The number of people expected to be brought to the UK as a result of the breach was initially stated in court documents to be nearly 43,000 people.
However, John Healey, the Defence Secretary, told Parliament on Tuesday that 6900 Afghans would be brought to Britain as a direct result of the breach, under a scheme set up specifically to deal with the fallout.
According to the MoD, of these, 4500 are already in the country or are in transit, and 2400 more are yet to travel.
Officials said a further 17,000 Afghans deemed eligible to come to Britain under a separate relocation scheme were also found to have been affected by the breach. Of these, 14,000 are already in the country or are in transit and 3000 more are yet to travel.
In total, it is believed that between 80,000 and 100,000 people were affected by the data breach, the Court of Appeal has said.
The Government has started sending messages to Afghans on the “kill list” and who were never told, stating: “We sincerely apologise for this data incident and regret that on this occasion personal data was not [safeguarded] to the UK Government’s standard. We understand that this news may be concerning.”
It had fought a two-year legal battle to keep the leak a secret, including securing the super-injunction, which has meant journalists from the Telegraph and other media organisations faced jail if they reported on the data breach or even mentioned the existence of the legal battle.

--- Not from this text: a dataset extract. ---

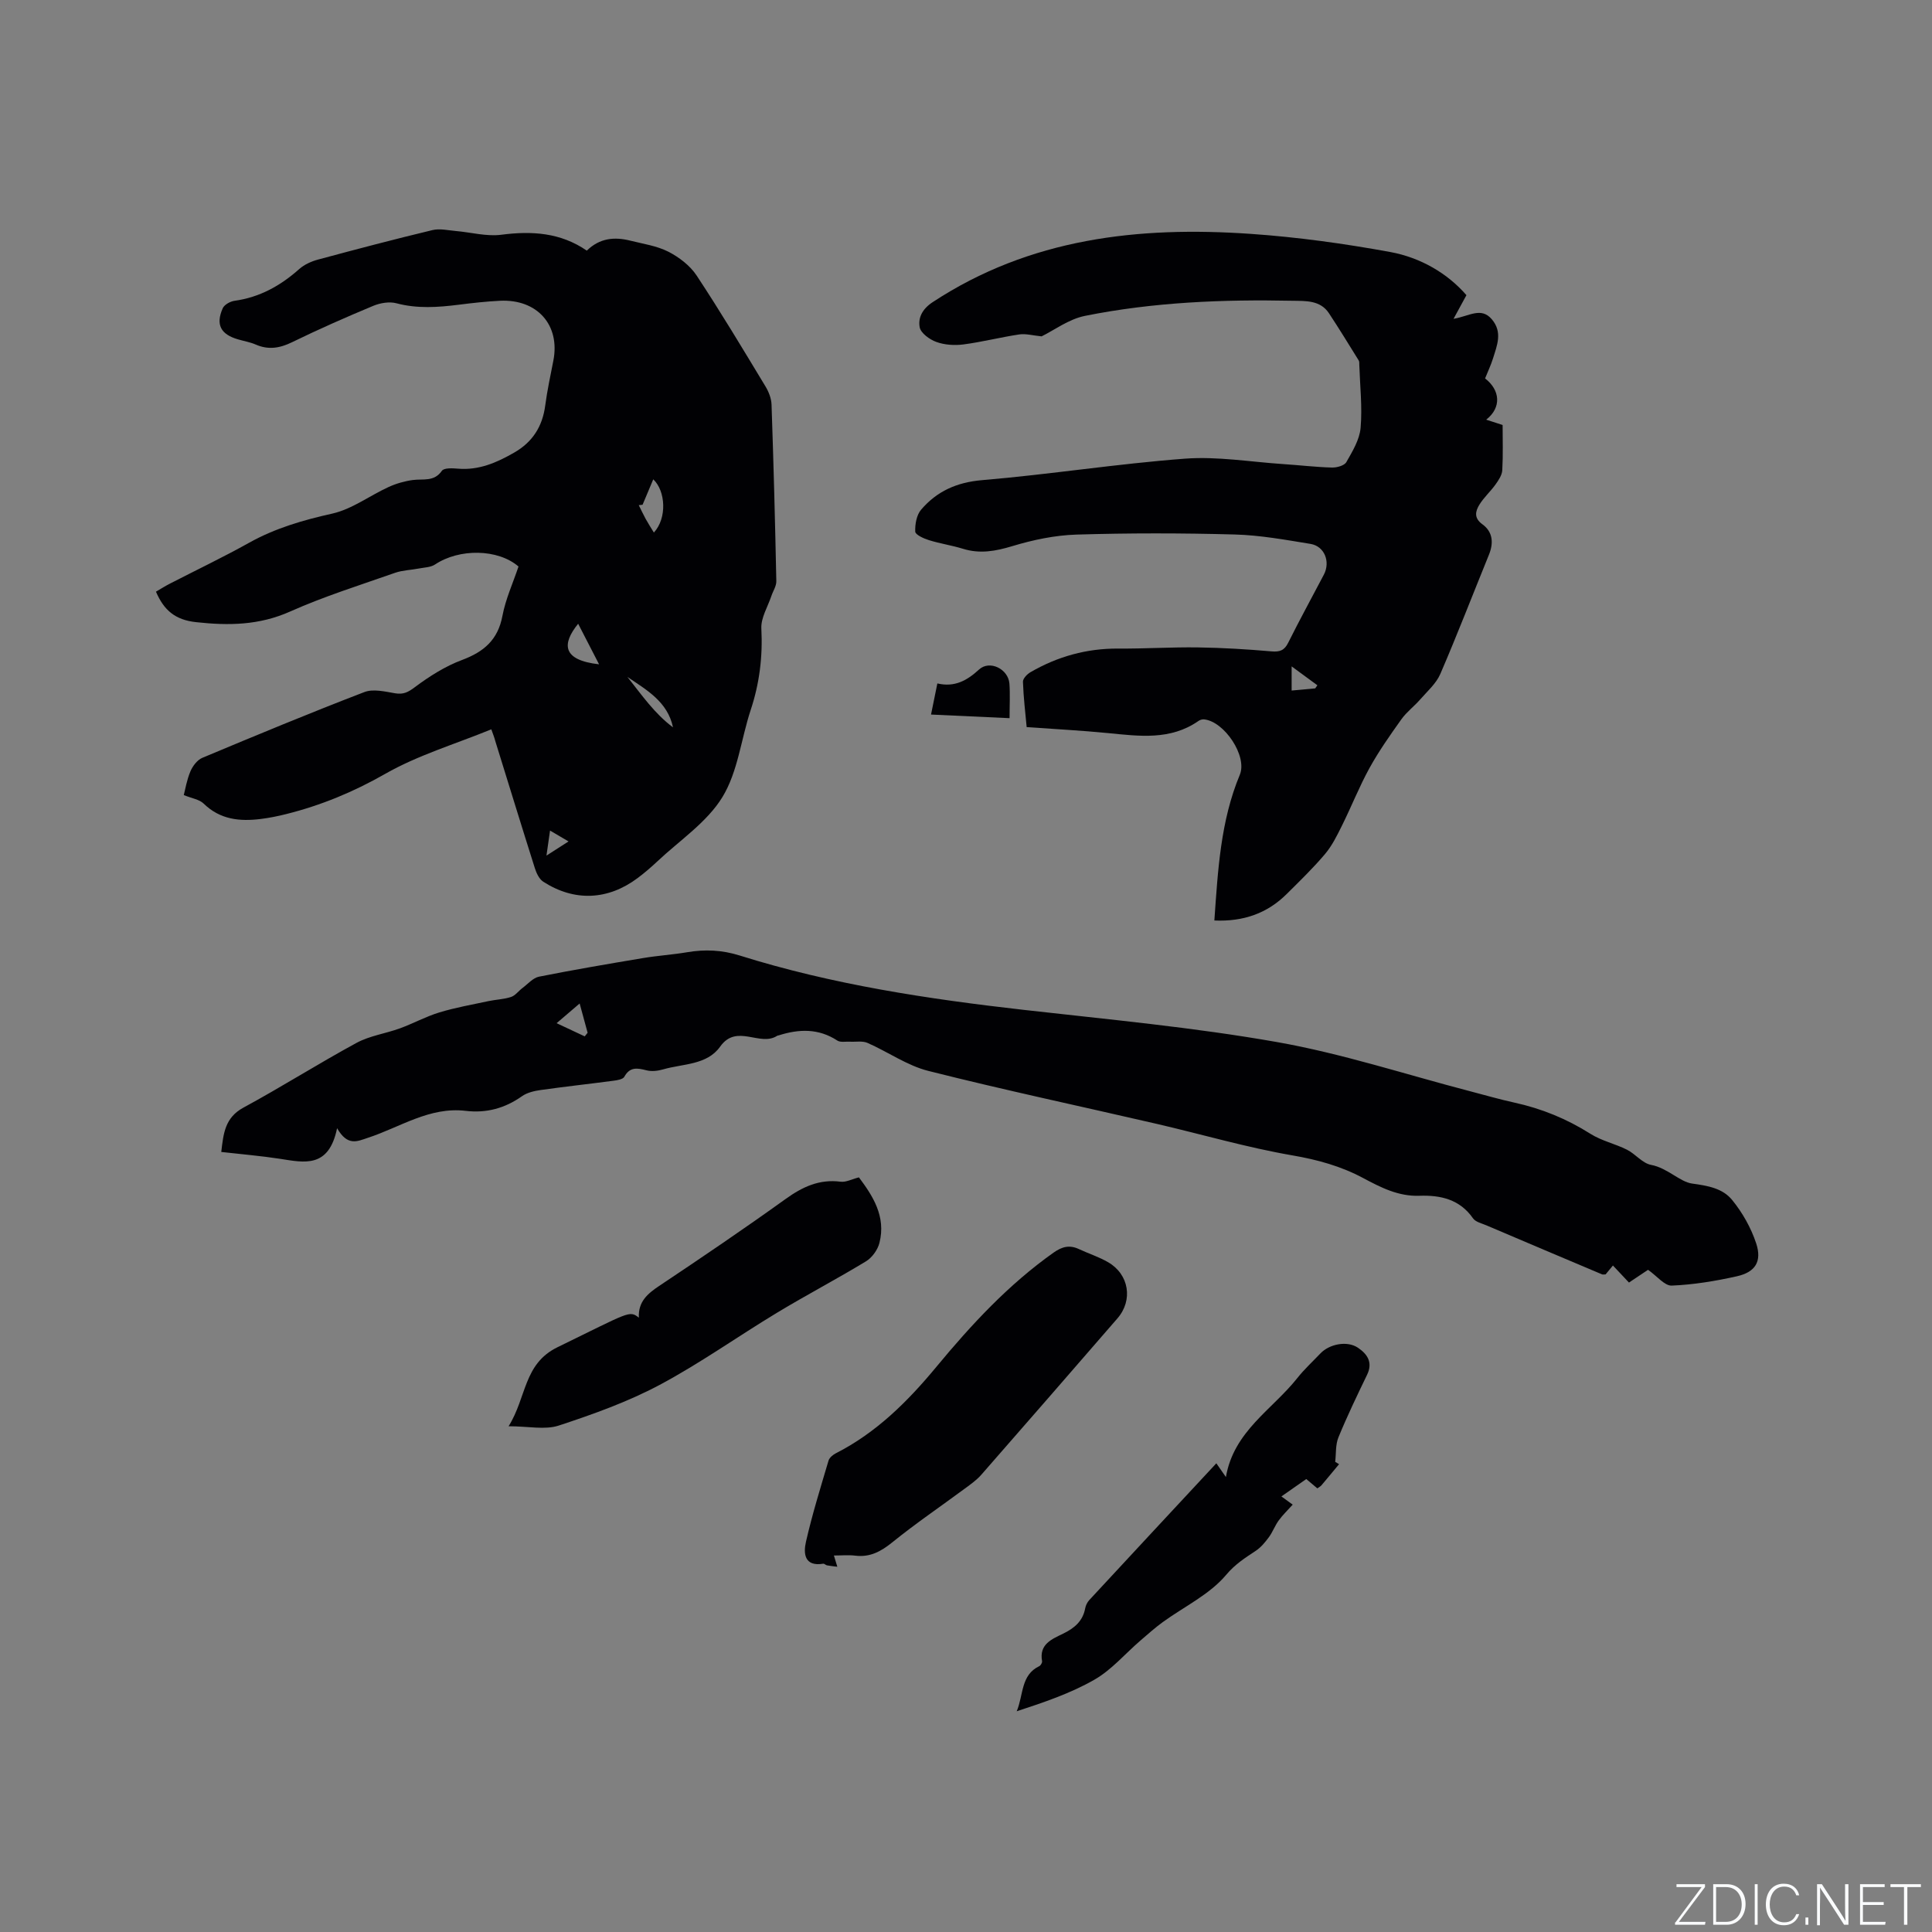 <svg enable-background="new 0 0 400 400" viewBox="0 0 400 400" xmlns="http://www.w3.org/2000/svg"><rect x="0" y="0" width="400" height="400" fill="#808080" stroke="none"/><g fill="#fafbfc"><path d="m346.9 398 5.4-7.3h-5.2v-.6h5.9v.6l-5.4 7.2h5.5l-.1.6h-6.2v-.5z"/><path d="m354.7 390.1h2.8c2.3 0 3.9 1.6 3.9 4.1s-1.6 4.3-3.9 4.3h-2.8zm.6 7.8h2c2.2 0 3.3-1.6 3.3-3.6 0-1.8-1-3.6-3.3-3.6h-2z"/><path d="m363.9 390.1v8.4h-.6v-8.4z"/><path d="m372.5 396.3c-.4 1.3-1.4 2.3-3.2 2.3-2.4 0-3.7-1.9-3.7-4.3 0-2.3 1.2-4.3 3.7-4.3 1.8 0 2.9 1 3.2 2.4h-.6c-.4-1.1-1.1-1.8-2.5-1.8-2.1 0-3 1.9-3 3.7s.9 3.7 3 3.7c1.4 0 2.1-.7 2.5-1.7z"/><path d="m373.8 398.5v-1.5h.6v1.5z"/><path d="m376.2 398.5v-8.4h1c1.3 2 4.4 6.7 4.9 7.6-.1-1.2-.1-2.4-.1-3.8v-3.8h.7v8.4h-.9c-1.2-1.9-4.4-6.8-5-7.7.1 1.1 0 2.3 0 3.9v3.9h-.6z"/><path d="m390 394.4h-4.3v3.5h4.7l-.1.6h-5.2v-8.4h5.1v.6h-4.5v3.1h4.3z"/><path d="m394.2 390.7h-2.8v-.6h6.3v.6h-2.8v7.8h-.7z"/></g><path d="m101.72 151c-7.59 3.1-15.23 5.37-21.97 9.22-6.55 3.74-13.25 6.51-20.47 8.32-1.74.44-3.52.8-5.3 1.02-4.34.54-8.41.14-11.81-3.18-.9-.88-2.45-1.08-4.12-1.77.29-1.1.61-3.09 1.37-4.9.47-1.11 1.42-2.37 2.47-2.81 11.13-4.66 22.28-9.29 33.54-13.61 1.83-.71 4.28-.11 6.38.25 1.74.29 2.71-.24 4.11-1.29 2.98-2.23 6.26-4.31 9.72-5.6 4.54-1.7 7.44-4.16 8.38-9.13.66-3.5 2.2-6.84 3.33-10.23-4.26-3.67-12.25-3.77-17.28-.42-.9.6-2.21.61-3.34.83-1.64.32-3.37.35-4.92.89-7.29 2.56-14.7 4.88-21.74 8.02-6.41 2.86-12.73 2.94-19.49 2.2-4.31-.47-6.64-2.46-8.29-6.31.95-.55 1.9-1.16 2.9-1.67 5.46-2.81 11.01-5.46 16.37-8.45 5.43-3.03 11.2-4.7 17.25-6.05 4.08-.92 7.73-3.71 11.64-5.5 1.58-.72 3.32-1.22 5.04-1.45 2.13-.28 4.38.42 6-1.91.44-.62 2.18-.54 3.3-.44 4.35.38 8.09-1.26 11.71-3.35 3.75-2.16 5.81-5.38 6.38-9.7.41-3.13 1.09-6.23 1.69-9.33 1.43-7.35-3.33-12.75-11.05-12.38-2.85.14-5.7.46-8.54.82-4.32.54-8.58.85-12.9-.3-1.46-.39-3.35-.07-4.8.53-5.67 2.36-11.29 4.84-16.81 7.53-2.56 1.25-4.91 1.63-7.54.48-1.15-.5-2.44-.71-3.66-1.07-3.58-1.04-4.65-3.05-3.16-6.43.33-.75 1.54-1.42 2.43-1.55 5.23-.72 9.54-3.13 13.43-6.59 1.05-.93 2.5-1.58 3.88-1.95 7.87-2.12 15.76-4.2 23.68-6.1 1.52-.37 3.24.05 4.86.19 3.14.27 6.36 1.17 9.41.77 6.32-.82 12.26-.45 17.69 3.29 2.69-2.63 5.75-2.88 8.99-2.07 2.66.67 5.49 1.07 7.89 2.29 2.23 1.14 4.49 2.87 5.85 4.92 4.96 7.51 9.59 15.24 14.25 22.95.68 1.12 1.23 2.51 1.27 3.79.42 12.18.74 24.37.99 36.56.02 1.02-.69 2.05-1.03 3.08-.75 2.23-2.18 4.51-2.07 6.7.3 5.82-.38 11.38-2.21 16.89-1.99 6.03-2.65 12.8-5.86 18.04-3.19 5.21-8.82 8.93-13.42 13.26-1.31 1.23-2.68 2.41-4.12 3.49-6.15 4.6-13.09 4.92-19.54.76-.84-.54-1.42-1.77-1.74-2.79-2.78-8.78-5.48-17.59-8.21-26.38-.17-.68-.44-1.35-.81-2.38zm31.32-46.5c-.26.03-.52.06-.79.09.47.94.91 1.89 1.41 2.81.53.96 1.12 1.88 1.72 2.86 2.76-2.99 2.43-8.63-.13-11.02-.7 1.67-1.46 3.47-2.21 5.26zm-13.34 24.64c-3.38 4.17-3.35 7.53 4.33 8.4-1.43-2.77-2.9-5.64-4.33-8.4zm10.21 11.02c2.91 3.67 5.61 7.59 9.43 10.43-1.13-5.32-5.44-7.72-9.43-10.43zm-12.2 34.05c-1.41-.83-2.46-1.45-3.83-2.25-.25 1.74-.45 3.12-.74 5.18 1.79-1.15 2.98-1.9 4.57-2.93z" fill="#010104"/><path d="m251.42 190.58c.74-10.47 1.28-20.59 5.27-30.17 1.61-3.87-3.2-11.04-7.39-11.47-.38-.04-.85.1-1.16.32-5.82 4.06-12.26 3.15-18.73 2.52-5.46-.54-10.95-.82-16.85-1.24-.27-2.93-.66-6.15-.77-9.39-.02-.65.86-1.58 1.56-1.98 5.61-3.25 11.63-4.93 18.17-4.89 5.5.04 11.01-.32 16.5-.24 5.08.07 10.16.38 15.22.82 1.75.15 2.68-.2 3.48-1.81 2.36-4.74 4.91-9.38 7.37-14.07 1.4-2.67.14-5.9-2.76-6.37-5.21-.85-10.45-1.81-15.7-1.95-10.91-.3-21.85-.31-32.76.02-4.46.14-8.99 1.09-13.28 2.39-3.48 1.05-6.7 1.64-10.22.55-2.32-.72-4.76-1.07-7.08-1.8-1.06-.33-2.77-1.11-2.8-1.75-.06-1.52.27-3.44 1.21-4.54 3.26-3.81 7.35-5.67 12.62-6.12 14.04-1.18 27.99-3.4 42.03-4.45 6.69-.5 13.51.67 20.27 1.12 3.38.22 6.76.63 10.14.72 1.02.03 2.58-.4 2.99-1.13 1.27-2.23 2.74-4.65 2.95-7.1.37-4.3-.13-8.67-.27-13.01-.01-.32.03-.69-.12-.93-2.04-3.28-4.05-6.58-6.18-9.8-1.8-2.71-4.85-2.51-7.5-2.56-14.43-.3-28.84.28-43.01 3.13-3.36.68-6.39 2.98-8.97 4.24-1.83-.18-3.27-.6-4.62-.4-3.87.58-7.68 1.56-11.55 2.07-1.83.24-3.89.11-5.61-.51-1.4-.5-3.24-1.83-3.46-3.05-.35-1.95.52-3.76 2.67-5.18 20.15-13.25 42.61-15.76 65.86-14.15 9.69.67 19.37 2.01 28.92 3.76 6.29 1.16 11.85 4.43 15.75 8.93-.88 1.62-1.61 2.95-2.67 4.9 3.3-.57 5.71-2.51 7.93.1 2.26 2.66 1.08 5.39.24 8.1-.44 1.41-1.09 2.75-1.64 4.14 3.12 2.4 3.46 6.02.23 8.54 1.41.46 2.48.8 3.4 1.1 0 2.86.11 6.12-.07 9.37-.06 1.01-.77 2.07-1.4 2.95-1.04 1.45-2.41 2.67-3.34 4.18-.83 1.36-1.18 2.76.64 4.07 2.15 1.56 2.33 3.86 1.34 6.29-3.35 8.23-6.55 16.53-10.07 24.69-.86 1.99-2.7 3.59-4.18 5.29-1.23 1.41-2.79 2.57-3.87 4.08-2.34 3.28-4.67 6.59-6.61 10.1-2.12 3.85-3.74 7.98-5.7 11.92-1.01 2.04-2.05 4.16-3.5 5.88-2.46 2.91-5.21 5.57-7.92 8.26-4.03 4.02-8.96 5.77-15 5.51zm20.88-48.06c.15-.21.3-.43.45-.64-1.7-1.25-3.4-2.49-5.33-3.91v5c1.77-.16 3.32-.31 4.88-.45z" fill="#010104"/><path d="m69.79 233.58c-1.71 8.36-6.79 7.12-11.81 6.34-3.96-.61-7.96-.94-12.17-1.42.45-3.81.74-7.09 4.59-9.18 7.9-4.28 15.51-9.11 23.41-13.4 2.73-1.48 6.02-1.93 8.99-3.01 2.76-1.01 5.37-2.45 8.17-3.3 3.32-1.01 6.76-1.61 10.16-2.34 1.55-.33 3.19-.37 4.68-.86.89-.3 1.56-1.26 2.37-1.86 1.11-.83 2.17-2.09 3.41-2.34 7.15-1.42 14.35-2.65 21.54-3.85 3.03-.51 6.11-.7 9.13-1.21 3.71-.63 7.23-.47 10.89.68 19.18 6.02 38.95 9 58.87 11.26 17.47 1.98 35.03 3.6 52.32 6.65 13.51 2.38 26.67 6.71 39.99 10.18 3.07.8 6.13 1.69 9.23 2.37 5.64 1.23 10.85 3.37 15.75 6.47 2.28 1.44 5.08 2.04 7.53 3.27 1.77.89 3.21 2.82 5.01 3.15 3.34.62 5.95 3.51 8.46 3.86 3.35.46 6.34.99 8.31 3.4 2.14 2.62 3.92 5.78 4.98 8.99 1.23 3.74-.18 5.96-4 6.81-4.42.99-8.96 1.74-13.48 1.93-1.48.06-3.04-1.96-4.91-3.27-.89.6-2.27 1.52-3.95 2.64-1.06-1.12-2.11-2.24-3.32-3.53-.58.7-1.07 1.3-1.52 1.84-.33 0-.56.07-.74-.01-7.99-3.37-15.97-6.75-23.95-10.15-.96-.41-2.23-.69-2.76-1.45-2.75-3.95-6.74-4.82-11.09-4.67-4.36.16-8-1.72-11.64-3.66-4.61-2.47-9.44-3.8-14.66-4.7-9.45-1.63-18.71-4.35-28.07-6.52-15.77-3.65-31.62-7.01-47.31-10.97-4.4-1.11-8.35-3.94-12.6-5.8-1.05-.46-2.42-.18-3.64-.25-.88-.05-1.96.19-2.61-.24-3.89-2.54-7.93-2.4-12.12-1.07-.1.03-.22.03-.31.08-3.6 2.35-8.38-2.6-11.82 2.25-2.73 3.85-7.72 3.52-11.83 4.72-1.07.31-2.35.46-3.41.19-1.89-.48-3.44-.78-4.6 1.33-.29.53-1.43.72-2.22.82-5.04.67-10.1 1.22-15.13 1.93-1.32.19-2.78.53-3.84 1.28-3.54 2.5-7.36 3.54-11.66 3.03-7.5-.89-13.6 3.42-20.27 5.59-2.17.72-4.18 1.79-6.35-2zm45.45-21.74c2.36 1.1 4.09 1.92 5.82 2.73.2-.25.4-.5.6-.75-.52-1.91-1.04-3.81-1.65-6.06-1.64 1.4-2.9 2.48-4.77 4.08z" fill="#010104"/><path d="m172.65 322.05c.33 1.08.52 1.7.71 2.33-.71-.09-1.43-.16-2.14-.29-.27-.05-.54-.37-.77-.34-3.96.65-4.13-2.18-3.58-4.56 1.29-5.66 3.02-11.22 4.67-16.79.18-.6.89-1.19 1.49-1.5 8.4-4.27 14.91-10.75 20.82-17.89 7.25-8.76 14.93-17.05 24.28-23.67 1.77-1.25 3.31-1.64 5.25-.73 2.01.94 4.16 1.62 6.06 2.73 4.33 2.51 5.18 7.86 1.91 11.62-9.37 10.81-18.76 21.61-28.18 32.37-.96 1.1-2.2 1.97-3.38 2.84-5.01 3.71-10.19 7.22-15.03 11.14-2.37 1.91-4.63 3.15-7.71 2.77-1.34-.17-2.72-.03-4.4-.03z" fill="#010104"/><path d="m105.3 295.29c3.76-6.02 3.07-12.92 10.12-16.36 15.02-7.32 14.85-7.67 16.85-6.12-.17-3.28 1.77-4.95 4.2-6.57 8.81-5.88 17.59-11.83 26.19-18.01 3.51-2.52 6.99-4.14 11.39-3.57 1.1.14 2.3-.52 3.78-.9 2.82 3.77 5.65 8.05 4.25 13.56-.36 1.44-1.52 3.05-2.78 3.82-6.06 3.68-12.36 6.98-18.43 10.65-8.15 4.92-15.95 10.49-24.34 14.96-6.59 3.5-13.74 6.06-20.86 8.4-2.85.93-6.28.14-10.37.14z" fill="#010104"/><path d="m277.24 303.14c-1.22 1.46-2.42 2.94-3.66 4.39-.2.23-.5.37-.84.62-.71-.6-1.41-1.19-2.29-1.93-1.67 1.17-3.3 2.3-5.15 3.6.81.59 1.43 1.04 2.34 1.7-1.01 1.13-2.07 2.13-2.91 3.29-.78 1.08-1.24 2.39-2.03 3.46-.77 1.04-1.65 2.11-2.71 2.81-2.22 1.48-4.24 2.73-6.15 5-3.4 4.04-8.64 6.53-13.06 9.73-1.63 1.18-3.14 2.54-4.67 3.85-3.17 2.73-5.98 6.08-9.54 8.11-4.96 2.84-10.48 4.7-16.07 6.53 1.42-3.39.82-7.51 4.67-9.34.3-.14.63-.72.58-1.03-.65-3.54 2.05-4.57 4.38-5.71 2.31-1.13 4.06-2.58 4.55-5.25.11-.6.43-1.24.84-1.69 8.69-9.39 17.41-18.75 26.31-28.32.68.98 1.19 1.72 1.98 2.85 1.63-9.52 9.61-13.96 14.78-20.49 1.44-1.82 3.17-3.41 4.78-5.1 1.87-1.97 5.53-2.68 7.74-1.21 1.92 1.28 3.19 3.01 1.94 5.6-2.07 4.29-4.14 8.58-5.94 12.98-.63 1.52-.47 3.37-.67 5.07.27.16.54.32.8.48z" fill="#010104"/><path d="m209.02 148.69c-5.42-.25-10.64-.49-16.26-.75.45-2.19.85-4.17 1.31-6.44 3.62.84 6.17-.63 8.64-2.89 2.18-2 6.04-.12 6.28 2.93.16 2.19.03 4.4.03 7.15z" fill="#010104"/></svg>

The super-injunction was lifted at midday on Tuesday by the High Court. However, at the 11th hour a new interim injunction was issued, which blocked the publication of sensitive information about exactly what was in the database.
It is the most serious data breach in British history, dwarfing previous episodes such as the 2013 Snowden leaks detailing GCHQ’s secret surveillance methods used against millions of internet users.
The database also included the details of British government officials, The Telegraph understands.
Both the Speakers of the House of Commons and the House of Lords were informed of the leak in September 2023 “so that they could make informed decisions as to how matters should be handled in Parliament”.
MPs have been unable to ask questions about the leak because of the super-injunction. A deliberate choice was also made not to tell the intelligence and security committee, the parliamentary body that is routinely given access to highly classified material to scrutinise decisions.
After Britain joined the US-led coalition that invaded Afghanistan in 2001, it trained, equipped and funded military units formed of Afghan volunteers who took part in joint operations to disrupt the country’s drug trade by capturing and, where necessary, killing key Taliban figures.
The two UK-trained and funded Afghan units – ATF444 and CF333 – that worked alongside the SAS and Special Boat Service in some of those secret operations were nicknamed the Triples.
By the time of the British withdrawal from Kabul in August 2021, CF333 “was the last formed unit of Afghan soldiers” still loyal to the deposed Western-backed Government, according to the Royal United Services Institute defence think tank.
Former members of the Triples are among those likely to have been identified in the leaked database.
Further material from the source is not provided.